WHAT TO DO
Repeat each record exactly as written, and drop any images.

[Stored entries]
================
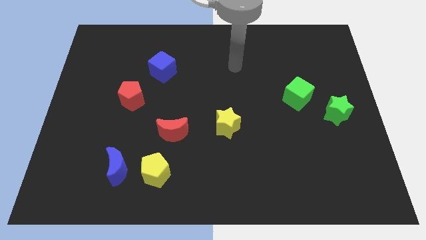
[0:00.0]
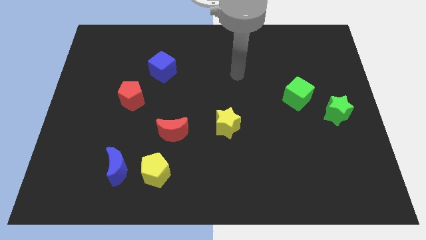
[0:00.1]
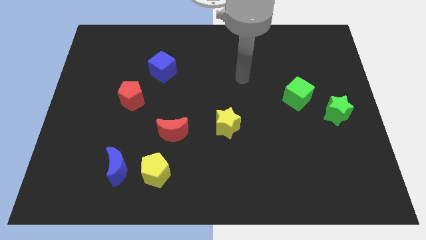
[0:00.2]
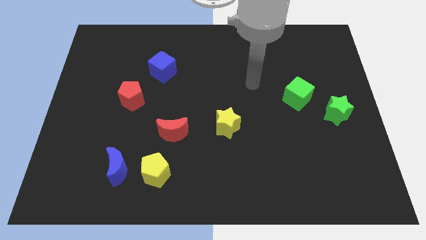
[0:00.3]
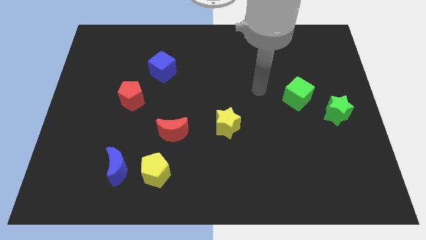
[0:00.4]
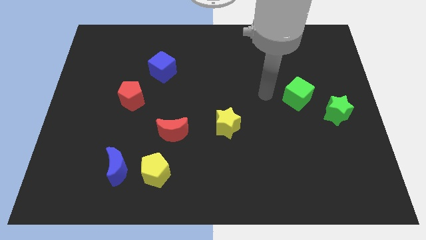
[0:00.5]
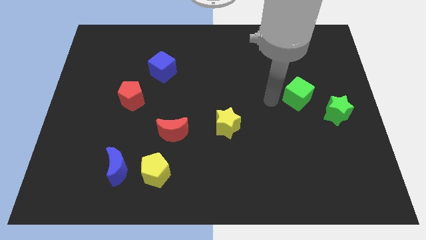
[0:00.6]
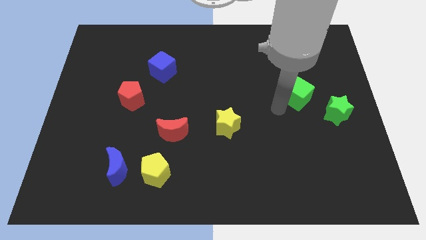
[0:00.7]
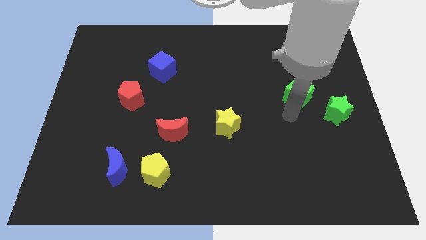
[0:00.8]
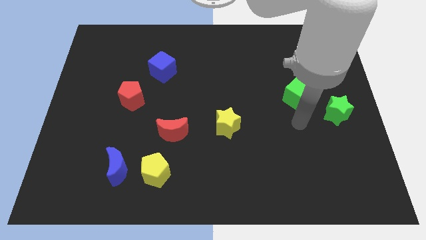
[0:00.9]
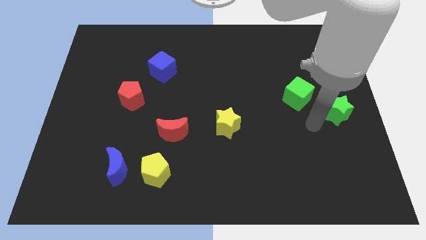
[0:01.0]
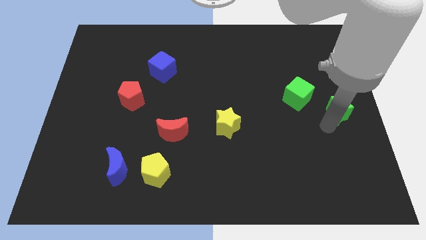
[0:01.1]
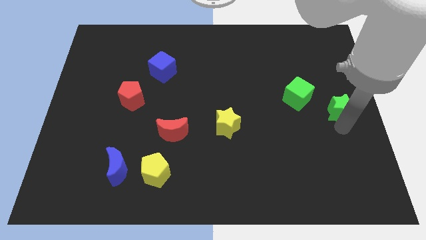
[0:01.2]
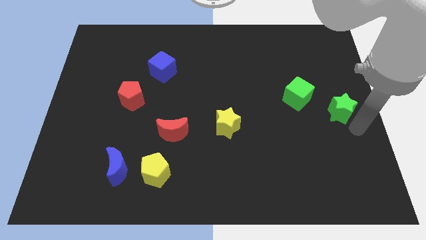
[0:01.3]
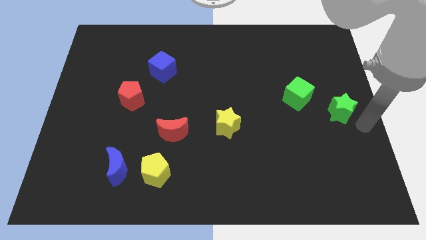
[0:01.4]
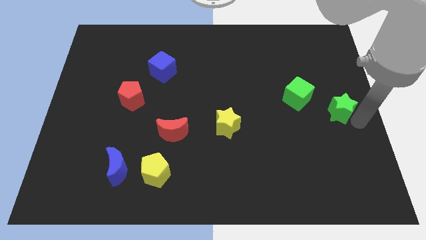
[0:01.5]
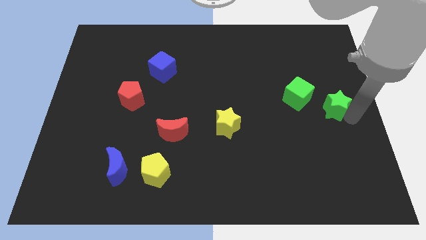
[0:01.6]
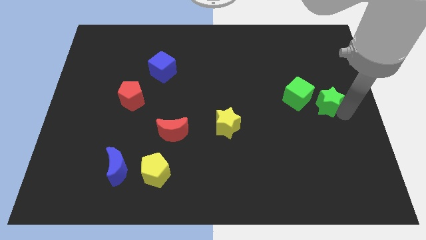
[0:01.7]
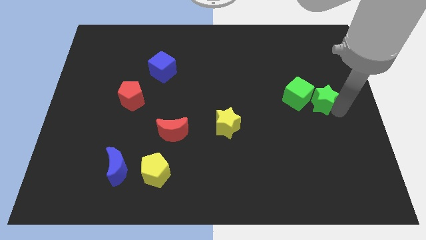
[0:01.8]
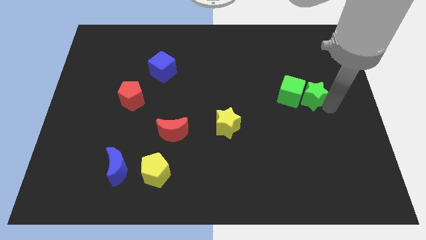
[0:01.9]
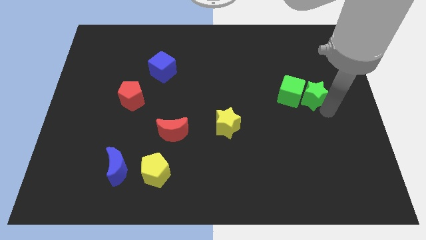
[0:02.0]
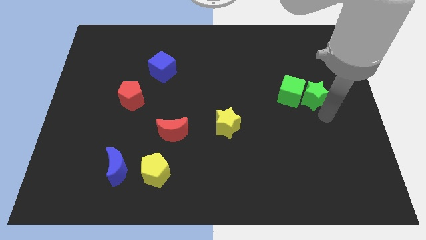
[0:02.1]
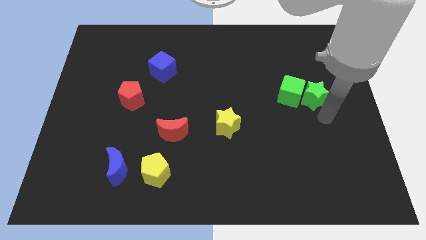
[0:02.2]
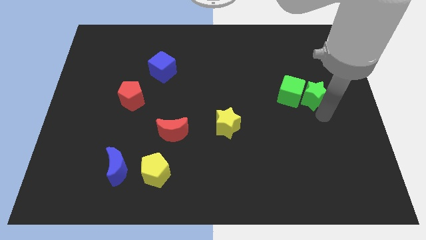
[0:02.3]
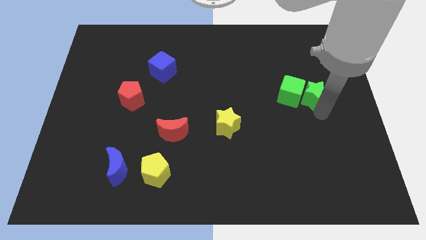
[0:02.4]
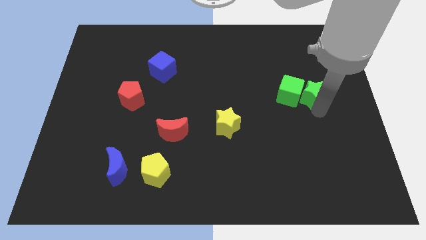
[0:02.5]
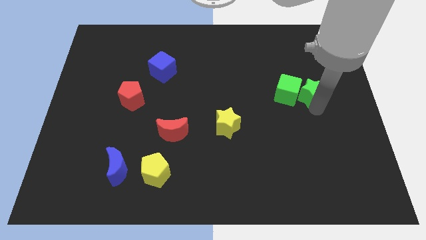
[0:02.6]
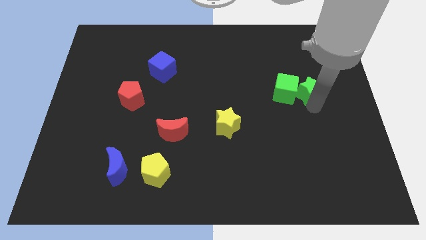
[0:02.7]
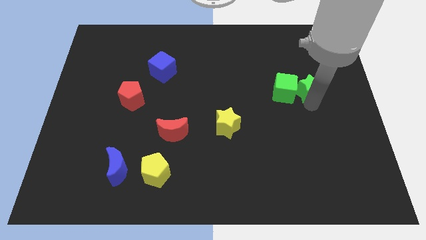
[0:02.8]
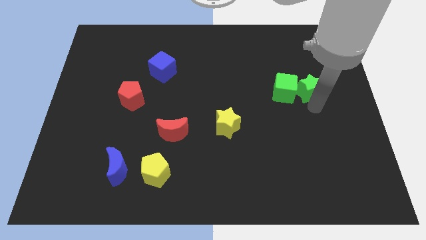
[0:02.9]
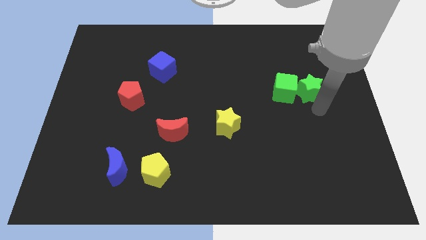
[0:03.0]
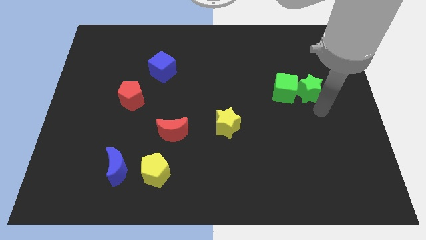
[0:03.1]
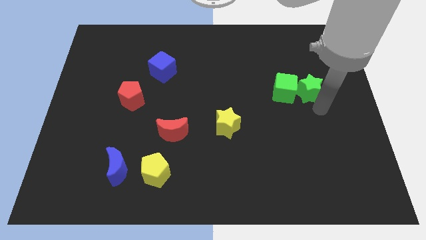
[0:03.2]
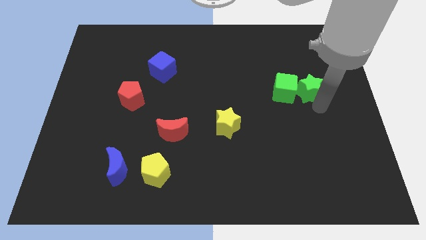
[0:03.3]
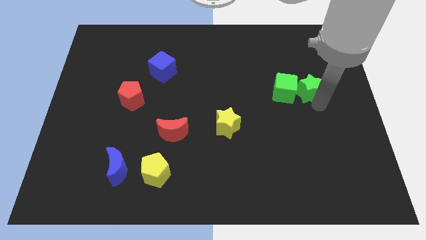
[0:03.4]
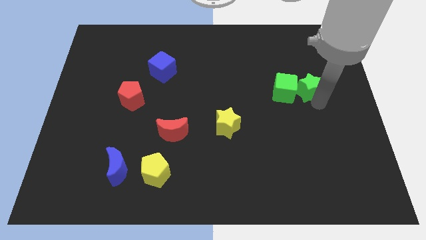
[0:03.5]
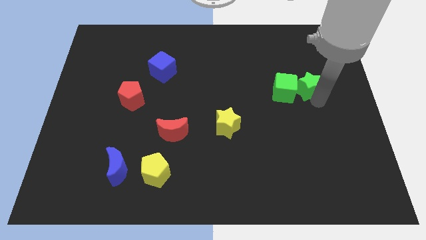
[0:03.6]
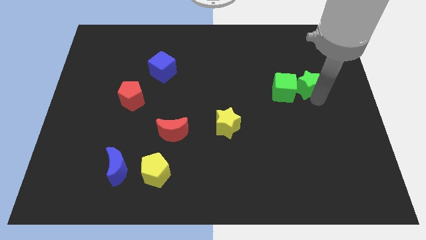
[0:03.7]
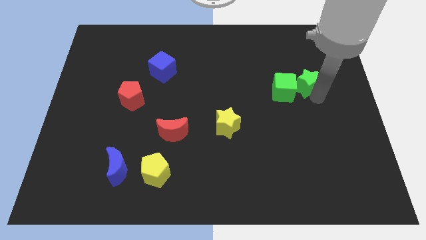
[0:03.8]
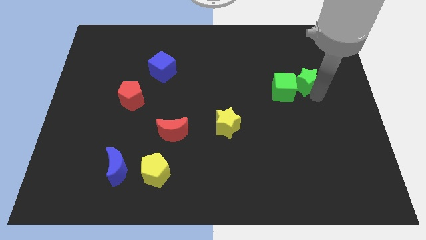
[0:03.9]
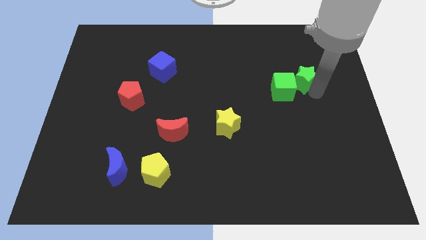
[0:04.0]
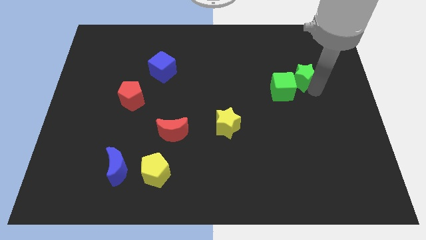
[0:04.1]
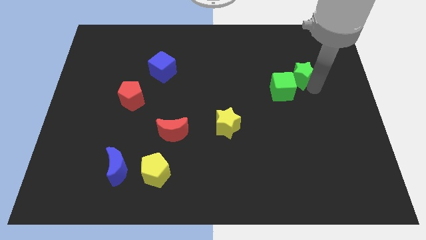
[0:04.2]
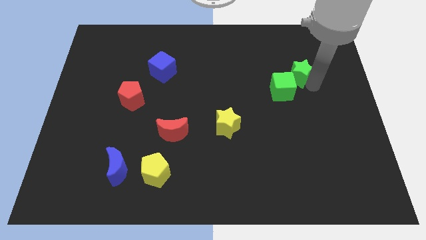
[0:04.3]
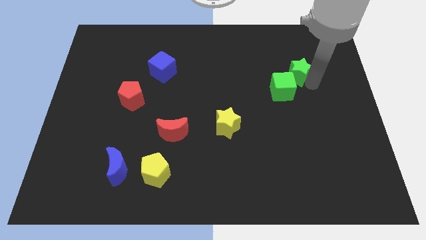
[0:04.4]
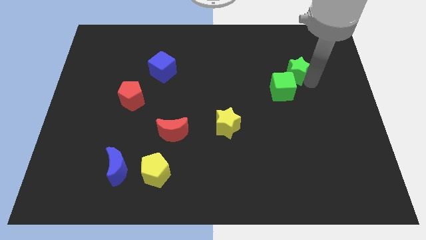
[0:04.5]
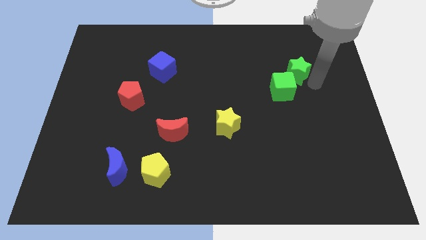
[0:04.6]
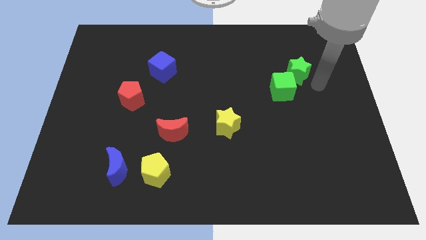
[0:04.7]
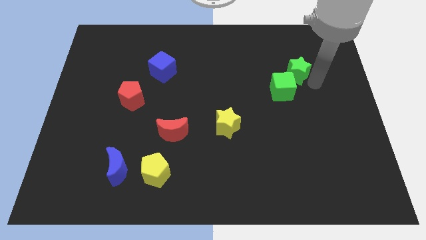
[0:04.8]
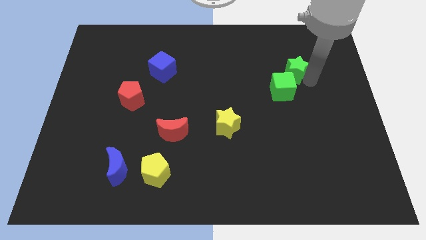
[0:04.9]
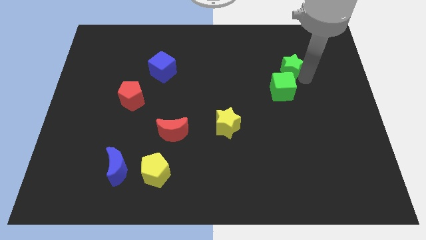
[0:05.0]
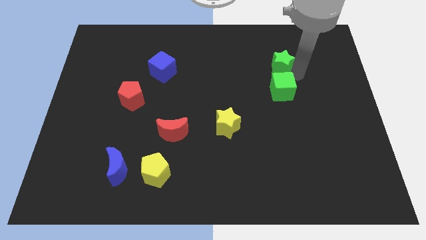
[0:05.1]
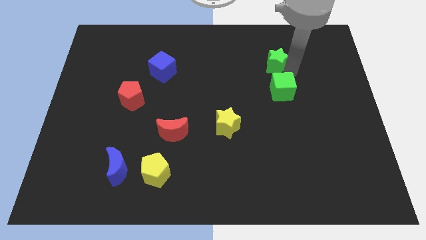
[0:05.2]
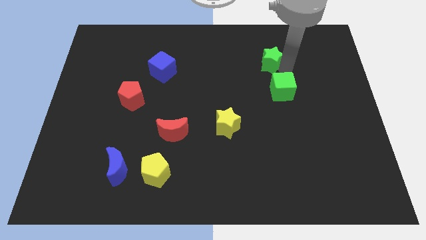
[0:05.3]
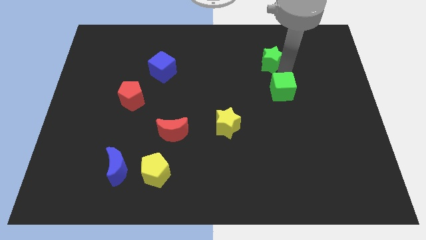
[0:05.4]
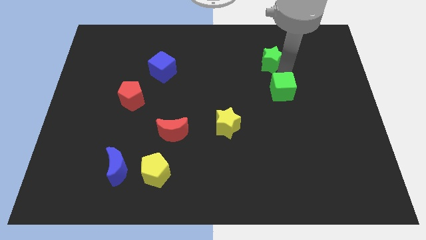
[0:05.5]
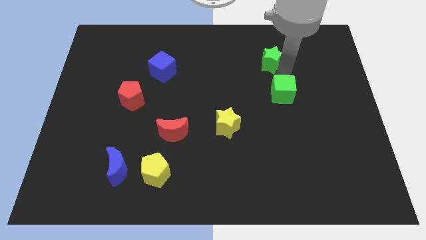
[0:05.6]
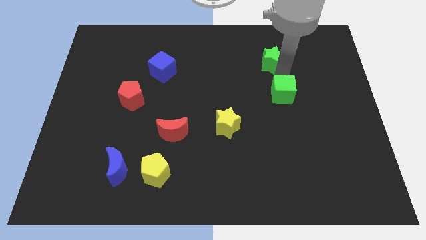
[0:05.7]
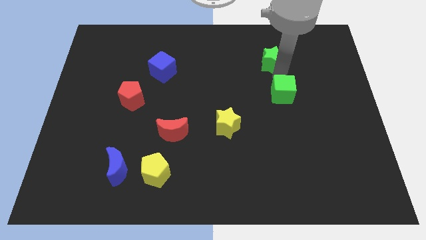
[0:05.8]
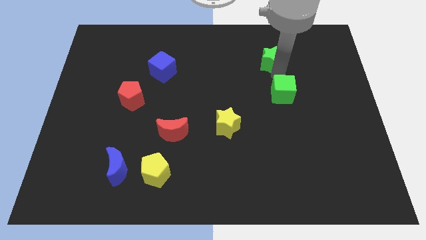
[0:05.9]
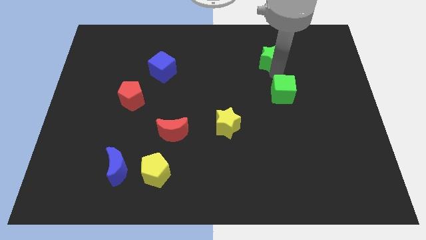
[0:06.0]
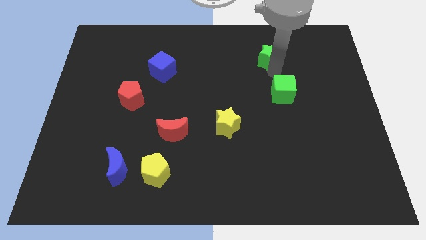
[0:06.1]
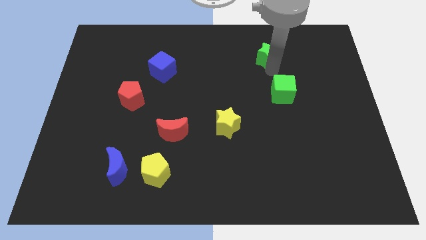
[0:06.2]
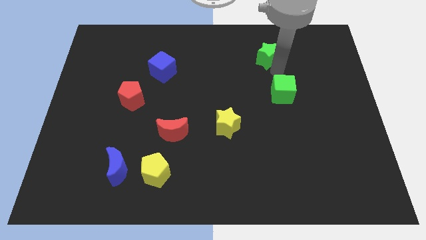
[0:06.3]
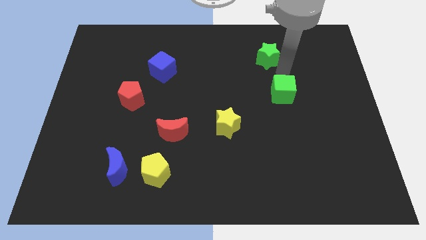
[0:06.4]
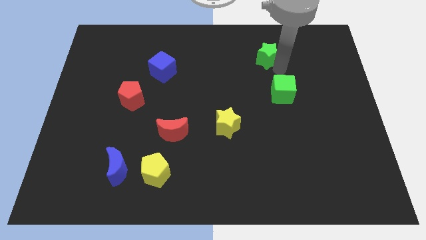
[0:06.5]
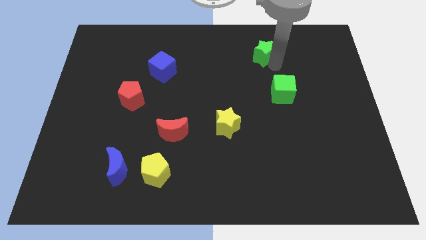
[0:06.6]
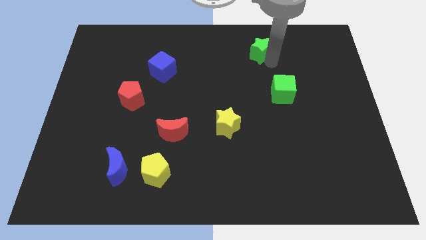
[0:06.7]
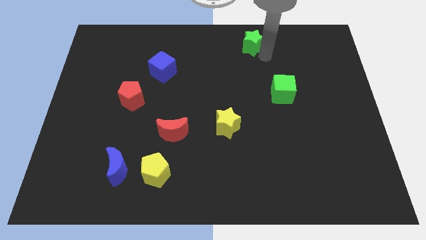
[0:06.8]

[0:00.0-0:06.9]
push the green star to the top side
================
EXERCISE ANSWER
[0:00.0]
[0:00.1]
[0:00.2]
[0:00.3]
[0:00.4]
[0:00.5]
[0:00.6]
[0:00.7]
[0:00.8]
[0:00.9]
[0:01.0]
[0:01.1]
[0:01.2]
[0:01.3]
[0:01.4]
[0:01.5]
[0:01.6]
[0:01.7]
[0:01.8]
[0:01.9]
[0:02.0]
[0:02.1]
[0:02.2]
[0:02.3]
[0:02.4]
[0:02.5]
[0:02.6]
[0:02.7]
[0:02.8]
[0:02.9]
[0:03.0]
[0:03.1]
[0:03.2]
[0:03.3]
[0:03.4]
[0:03.5]
[0:03.6]
[0:03.7]
[0:03.8]
[0:03.9]
[0:04.0]
[0:04.1]
[0:04.2]
[0:04.3]
[0:04.4]
[0:04.5]
[0:04.6]
[0:04.7]
[0:04.8]
[0:04.9]
[0:05.0]
[0:05.1]
[0:05.2]
[0:05.3]
[0:05.4]
[0:05.5]
[0:05.6]
[0:05.7]
[0:05.8]
[0:05.9]
[0:06.0]
[0:06.1]
[0:06.2]
[0:06.3]
[0:06.4]
[0:06.5]
[0:06.6]
[0:06.7]
[0:06.8]

[0:00.0-0:06.9]
push the green star to the top side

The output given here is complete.